🇺🇸🇨🇳🌐 The US ‘Domain Awareness Gap’ Goes Way Beyond Balloons, by Niall Ferguson

If a major conflict breaks out with China, America’s once-vaunted defense industrial base will be exposed as a comatose geriatric, not a sleeping giant.

▪️In an essay in Foreign Affairs last year, Michael J. Mazarr summarized a recent RAND Corporation study commissioned by the US Defense Department’s Office of Net Assessment on the age-old question, “What Makes a Power Great?”

▪️“The United States ultimately prevailed over the Soviet Union in the Cold War,” Mazarr argued, “because it was more energetic, innovative, productive, and legitimate.” But can the same be said of the United States by comparison with China today?

▪️ Here’s the RAND answer: The United States displays some of the characteristics of a once dominant power that has passed its competitive prime: by some important measures, it is complacent, highly bureaucratized, and seeking short-term gains and rents rather than long-term productive breakthroughs.

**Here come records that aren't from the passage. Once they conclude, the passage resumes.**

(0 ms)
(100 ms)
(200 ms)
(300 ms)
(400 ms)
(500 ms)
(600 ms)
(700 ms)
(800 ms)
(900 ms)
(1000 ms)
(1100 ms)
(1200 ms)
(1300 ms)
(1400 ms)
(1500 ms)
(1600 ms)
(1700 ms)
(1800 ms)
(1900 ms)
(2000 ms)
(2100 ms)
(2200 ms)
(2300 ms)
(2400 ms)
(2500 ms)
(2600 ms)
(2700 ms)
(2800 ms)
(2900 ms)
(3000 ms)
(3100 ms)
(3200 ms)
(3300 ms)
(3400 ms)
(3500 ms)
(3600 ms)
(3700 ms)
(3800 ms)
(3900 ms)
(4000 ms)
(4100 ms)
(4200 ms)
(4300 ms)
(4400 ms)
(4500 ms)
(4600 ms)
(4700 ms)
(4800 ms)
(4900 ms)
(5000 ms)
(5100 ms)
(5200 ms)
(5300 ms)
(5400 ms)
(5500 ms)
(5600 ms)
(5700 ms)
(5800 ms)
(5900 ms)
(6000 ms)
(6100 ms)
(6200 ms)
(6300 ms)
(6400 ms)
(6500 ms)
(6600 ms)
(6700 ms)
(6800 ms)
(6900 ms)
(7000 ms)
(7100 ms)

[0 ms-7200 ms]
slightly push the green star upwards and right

It is socially and politically divided, cognizant of the need for reforms yet unwilling or unable to make them, and suffering a loss of faith in the shared national project that once animated it.

But, what of China?

▪️China clearly benefits from a potent national will and ambition, both domestically and internationally, and a unified national identity among much of the population. It has an active state that is pouring resources into human capital, research and development, high technology, and infrastructure.

So, what does this mean?

In his classic book The Rise and Fall of the Great Powers, Paul Kennedy laid special emphasis on manufacturing as a source of power, for the simple reason that in time of war there is no substitute for having an economy that can mass-produce weapons. In the 20th century the United States was unrivaled in its industrial capacity. That has ceased to be true in the past 20 years.

As recently as 2004, US manufacturing value-added was two-and-a-half times larger than China’s. But China overtook the US by this measure in 2010. In 2021 Chinese manufacturing value-added was nearly double that of the US.

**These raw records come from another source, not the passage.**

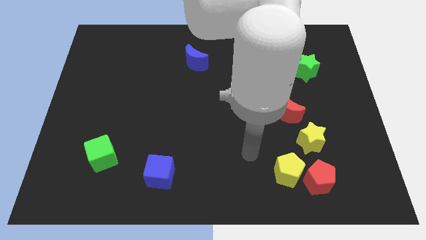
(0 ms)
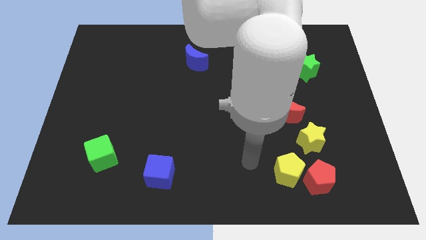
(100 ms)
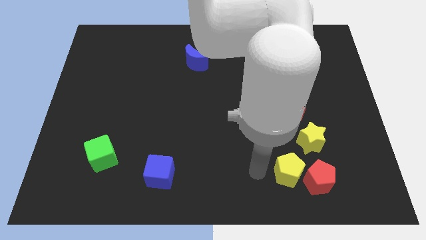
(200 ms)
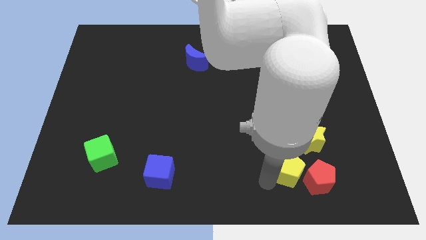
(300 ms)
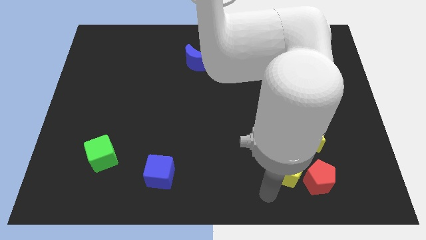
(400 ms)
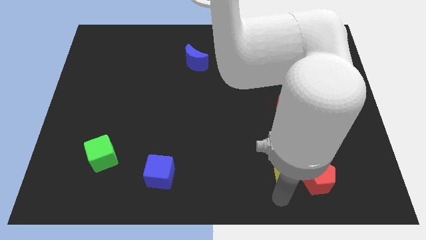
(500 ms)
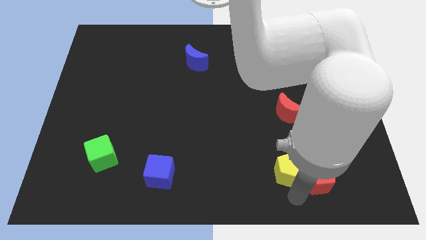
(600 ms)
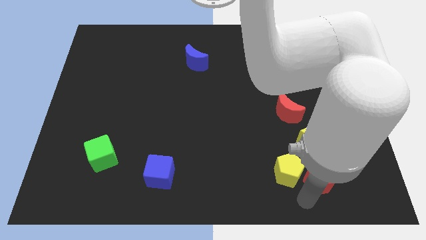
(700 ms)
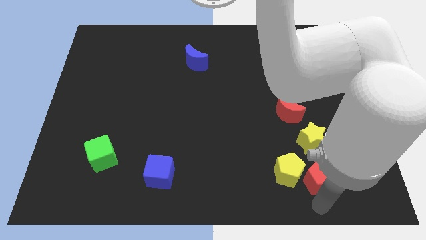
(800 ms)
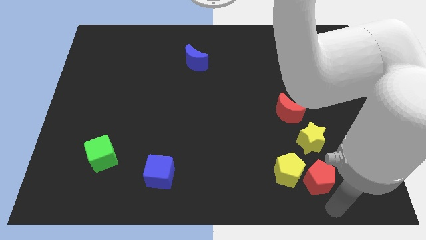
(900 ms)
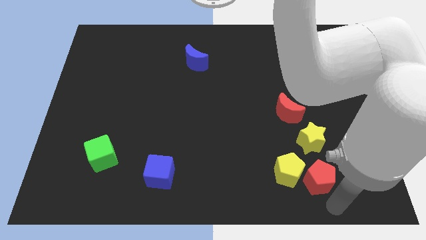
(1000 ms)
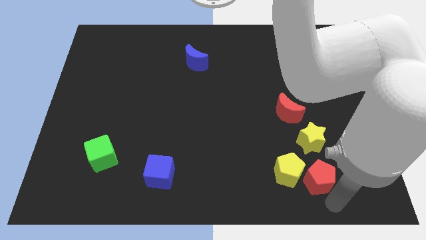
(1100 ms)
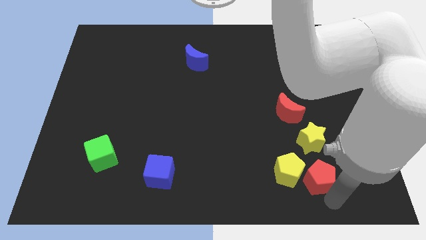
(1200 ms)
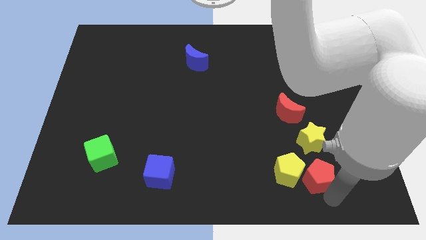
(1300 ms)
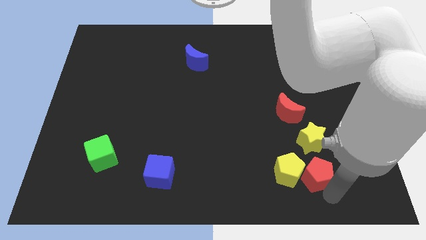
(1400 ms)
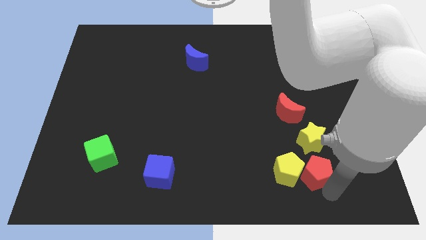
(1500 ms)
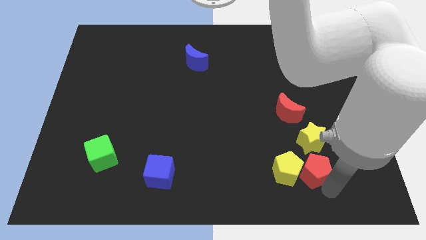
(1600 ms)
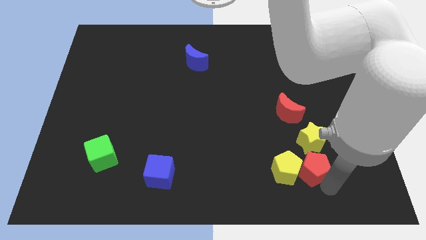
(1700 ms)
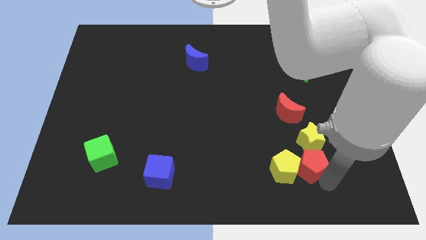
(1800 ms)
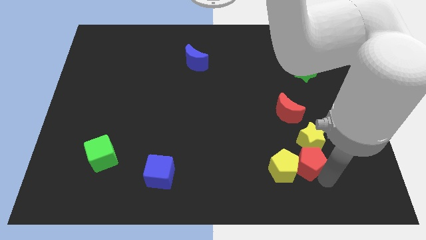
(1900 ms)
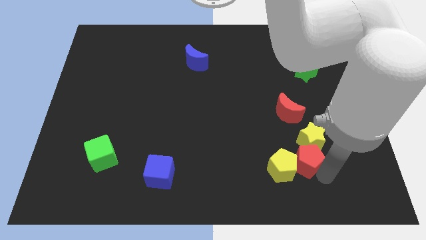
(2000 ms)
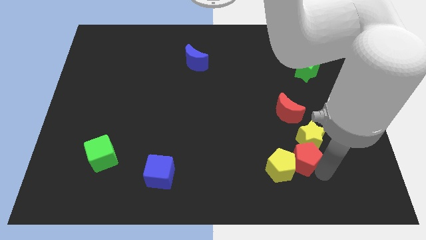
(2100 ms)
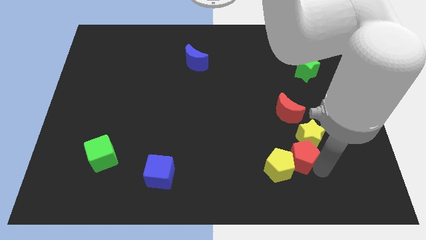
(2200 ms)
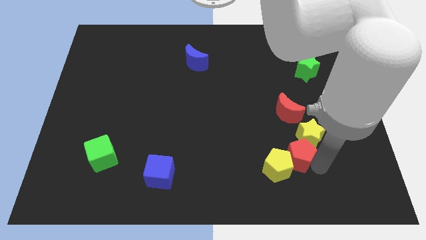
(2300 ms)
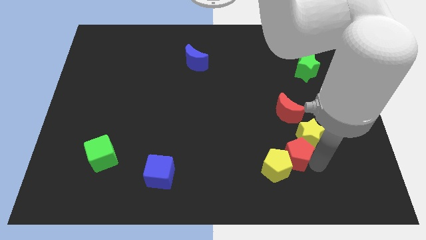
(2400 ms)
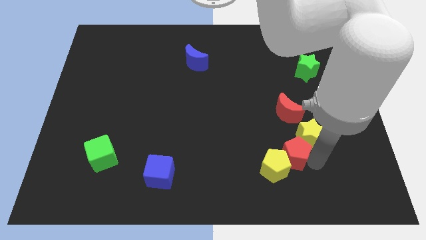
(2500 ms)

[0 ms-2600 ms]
push the red pentagon a little bit diagonally upwards and to the left

This is not 1941. The idea that the United States was a “sleeping giant” on the eve of Pearl Harbor is a myth that understates America’s preparedness for war. The program of construction that gave the US mastery of the sea in World War II began with the Naval Expansion Act of 1938. In our time, by contrast, we have been shrinking our military-industrial base.

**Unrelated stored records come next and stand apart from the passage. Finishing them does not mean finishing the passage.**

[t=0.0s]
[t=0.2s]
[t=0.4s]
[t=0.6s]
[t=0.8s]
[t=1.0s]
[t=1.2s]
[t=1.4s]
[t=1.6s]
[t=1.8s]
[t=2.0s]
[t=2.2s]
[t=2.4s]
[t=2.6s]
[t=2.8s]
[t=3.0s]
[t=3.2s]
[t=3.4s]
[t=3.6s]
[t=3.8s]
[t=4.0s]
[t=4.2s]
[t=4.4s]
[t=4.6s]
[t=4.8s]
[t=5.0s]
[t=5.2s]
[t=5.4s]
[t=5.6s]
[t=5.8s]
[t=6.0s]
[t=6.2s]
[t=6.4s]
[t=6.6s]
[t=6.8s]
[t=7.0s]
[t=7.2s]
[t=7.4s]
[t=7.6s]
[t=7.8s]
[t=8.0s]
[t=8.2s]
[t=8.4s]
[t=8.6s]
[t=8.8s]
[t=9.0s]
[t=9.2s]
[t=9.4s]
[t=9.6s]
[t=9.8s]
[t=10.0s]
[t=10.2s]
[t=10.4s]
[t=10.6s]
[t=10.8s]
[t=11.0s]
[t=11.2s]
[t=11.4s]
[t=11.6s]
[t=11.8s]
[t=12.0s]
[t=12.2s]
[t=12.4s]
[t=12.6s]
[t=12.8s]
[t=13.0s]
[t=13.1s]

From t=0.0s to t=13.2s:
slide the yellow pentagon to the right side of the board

In 2013 the Environmental Protection Agency shut down the 121-year-old Doe Run lead smelting plant in Herculaneum, MO — the last primary lead smelting plant in the country. And that’s just lead. According to a 2021 report from the Department of Energy, “of the 35 mineral commodities identified as critical … the United States lacks domestic production of 14 and is more than 50% import-reliant for 31.” No doubt great from an ESG perspective. But what about the WWIII perspective?